The lack of predictive scaling laws created significant problems for model development. Organizations planning to train large language models faced enormous uncertainty about what scale would be necessary to achieve target performance levels. Should they invest in a model with 10 billion parameters or 100 billion? How much training data would be needed? What computational resources would be required? Without answers to these questions, decisions about resource allocation were essentially guesses, leading to either wasted resources on over-engineered models or inadequate investment that failed to reach performance targets. The cost of training large models made these decisions particularly consequential, with failed training runs potentially wasting millions of dollars in compute time.

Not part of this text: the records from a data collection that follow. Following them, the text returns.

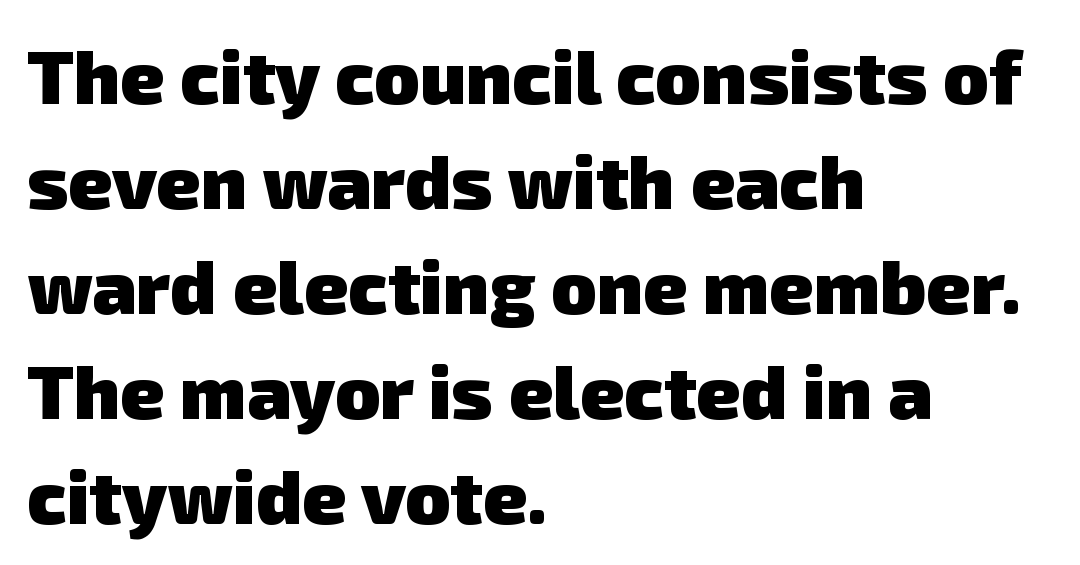
Is this a fixed-width face? No — the glyphs have proportional, varying widths. All the whitespace from short lines collects on the right. The block of text has a typical density, with ordinary space between rows. The area under the type is left untouched. Typesetter's note: full bold, strokes at maximum text heaviness.
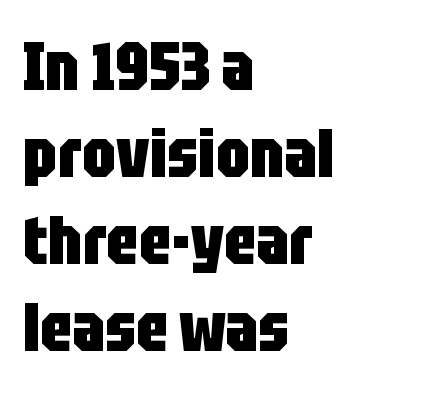
Caption: standard tracking, unaltered. Successive baselines arrive at the customary interval. Leftover space on each line is placed entirely after the last word. Just letters on the line, the space beneath them empty. Students, this is bold: see how much ink each stroke carries.
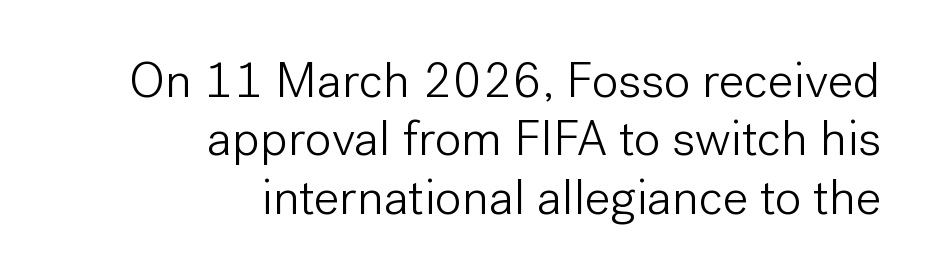
The image shows 50 px light sans-serif type, upright; set right-aligned, line spacing 1.17x, normal letter spacing, not underlined; low stroke contrast and a medium x-height.
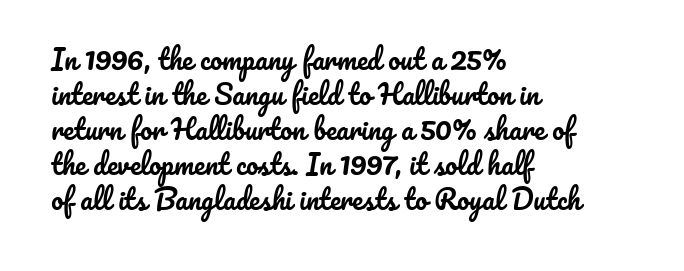
{"underline": "no", "align": "left", "line_spacing": "normal", "line_spacing_ratio": 1.3, "letter_spacing": "normal", "letter_spacing_em": 0.0, "glyph_px": 27}
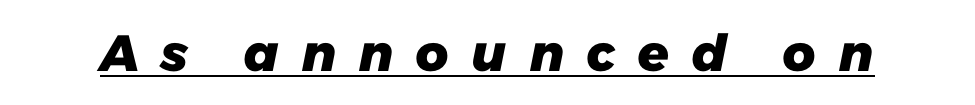
The image shows 51 px heavy sans-serif type; set unusually wide letter spacing (+0.41 em), underlined; low stroke contrast and a medium x-height.
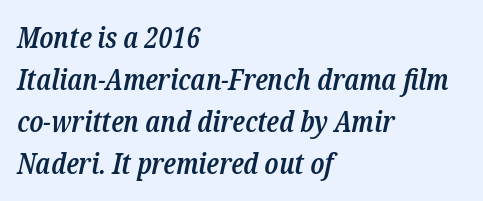
Q: Is the text bold? A: Semi-bold.
Q: Is the text italic (slanted)? A: Yes, it leans right by about 12 degrees.
Q: Is the typeface a serif or a sans-serif typeface? A: Serif.
Q: Is the text underlined? A: No.
Q: How is the paragraph aligned? A: Left-aligned.
Q: Is the spacing between letters normal or unusually wide? A: Normal.
Q: Is the spacing between lines tight, normal or loose? A: Normal.
Q: Width (condensed, normal, or wide)? A: Condensed.
Q: Stroke contrast? A: Low.
Q: x-height? A: Medium.
Q: Monospaced? A: No.
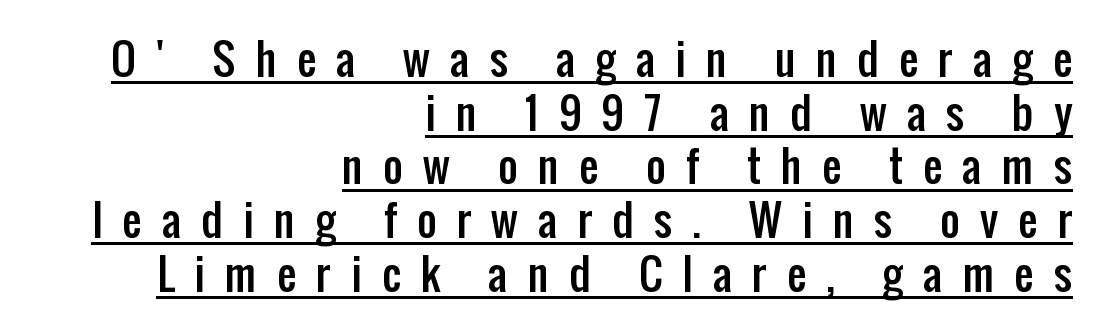
The image shows 43 px condensed sans-serif type, upright; set right-aligned, normal line spacing (1.25x), unusually wide letter spacing (+0.47 em), underlined; low stroke contrast and a medium x-height.
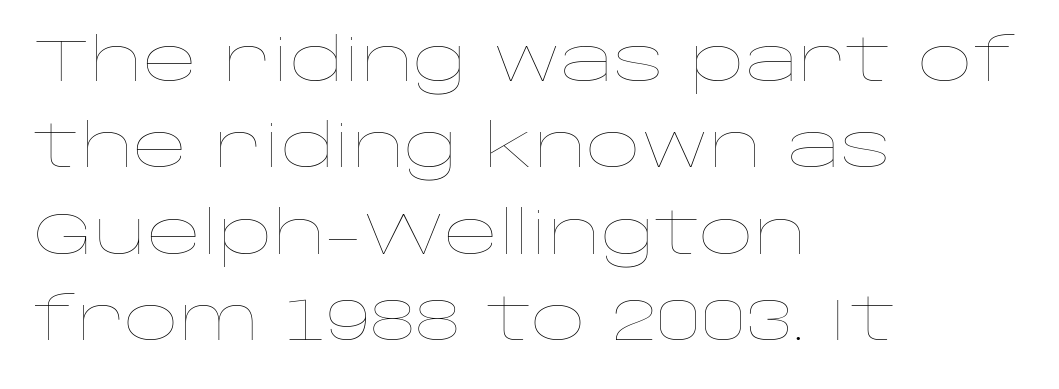
If you drew a line through each stem, it would be perfectly vertical. You could not count columns in this text — the font is proportionally spaced. Nothing heavy about these letters — not bold at all. Does the copy run flush right? No — it runs flush left. Plain, unruled lines of type. Inter-character spacing is left at the font's built-in metrics.
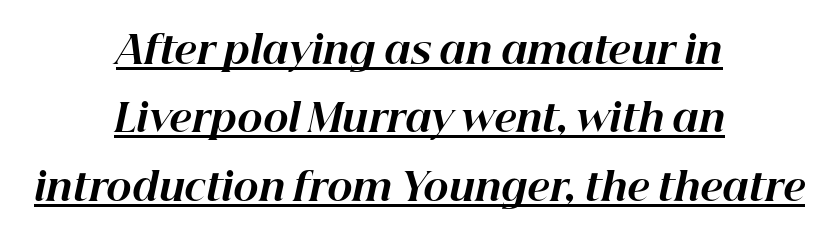
Do the characters align in a grid? No, the font is proportional. The lines are quadded center. Caption: bold face, heavy strokes. Underlined type.
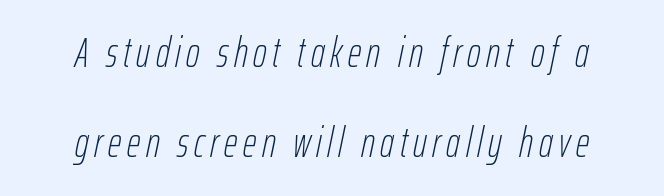
An italicized treatment has been applied to the whole sample. Bold? No — there's no thickening of the strokes. This block would shrink considerably if given ordinary leading; it's expanded now. Note the varied advance widths — an 'i' is clearly narrower than an 'm'. The compositor balanced each line on the midline.
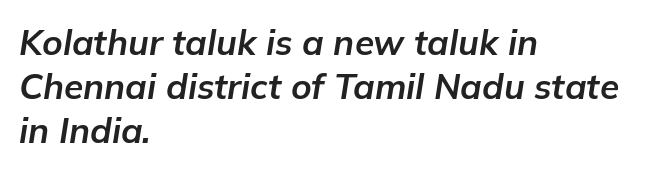
{"italic": "yes", "lean": "right", "slant_degrees": 9, "bold": "yes", "weight": "bold", "width": "normal", "stroke_contrast": "low", "x_height": "medium", "monospaced": "no", "underline": "no", "align": "left", "line_spacing": "normal", "line_spacing_ratio": 1.26, "letter_spacing": "normal", "letter_spacing_em": 0.0, "glyph_px": 35}
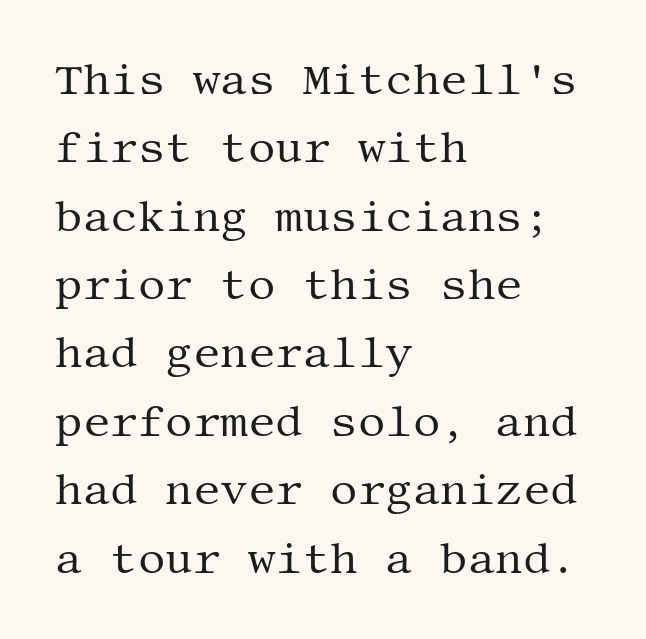
Q: Is the text bold? A: No.
Q: Is the text italic (slanted)? A: No, it is upright.
Q: Is the typeface a serif or a sans-serif typeface? A: Serif.
Q: Is the text underlined? A: No.
Q: How is the paragraph aligned? A: Left-aligned.
Q: Is the spacing between letters normal or unusually wide? A: Normal.
Q: Is the spacing between lines tight, normal or loose? A: Normal.
Q: Width (condensed, normal, or wide)? A: Normal.
Q: Stroke contrast? A: Medium.
Q: x-height? A: Large.
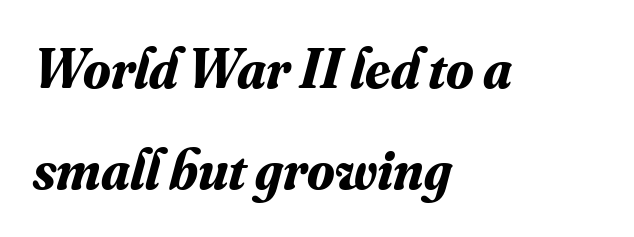
The image shows 56 px bold serif type, italic (leaning right); set left-aligned, line spacing 1.8x, normal letter spacing, not underlined; medium stroke contrast and a small x-height.
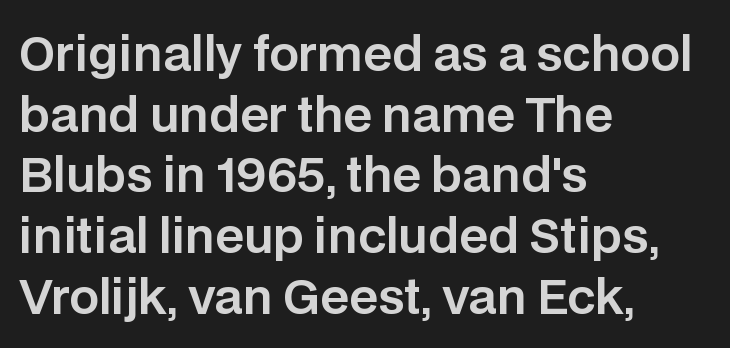
{"serif": "no", "italic": "no", "width": "normal", "stroke_contrast": "low", "x_height": "large", "monospaced": "no", "underline": "no", "align": "left", "line_spacing": "normal", "line_spacing_ratio": 1.29, "letter_spacing": "normal", "letter_spacing_em": 0.0, "glyph_px": 47}

Kaplan and colleagues set out to systematically investigate how model performance scales with various factors. They trained transformer language models across a wide range of scales, varying model size from millions to billions of parameters, training data from millions to billions of tokens, and training compute accordingly. By measuring performance across these different configurations, they could identify mathematical relationships that predicted performance from scale alone. The goal was to discover whether simple power-law relationships could accurately predict how loss, and therefore performance, would improve with increased scale across different dimensions.
The results exceeded expectations. The researchers discovered clean power-law relationships between performance and scale across multiple dimensions. Model performance improved predictably with increased model size, with larger models achieving lower loss and better downstream task performance. Performance also improved predictably with increased training data, following similar power-law scaling. Most importantly, these relationships held across different model sizes and training configurations, suggesting that scaling laws were fundamental properties of neural language model training rather than artifacts of specific architectures or datasets. These laws enabled researchers to predict model performance before training, estimate resource requirements for target performance levels, and make informed decisions about how to allocate computational budgets across model size and training data.
The practical implications were immediate and profound. The scaling laws provided concrete guidance for planning training runs: researchers could now calculate approximately how many parameters and how much training data would be needed to reach a target loss, or predict how much better a model would perform if given additional resources. This predictive capability reduced uncertainty in model development and enabled more efficient resource allocation. The laws also revealed that performance improved smoothly with scale, suggesting that scaling was a viable long-term strategy for improving language models rather than hitting diminishing returns or fundamental limits.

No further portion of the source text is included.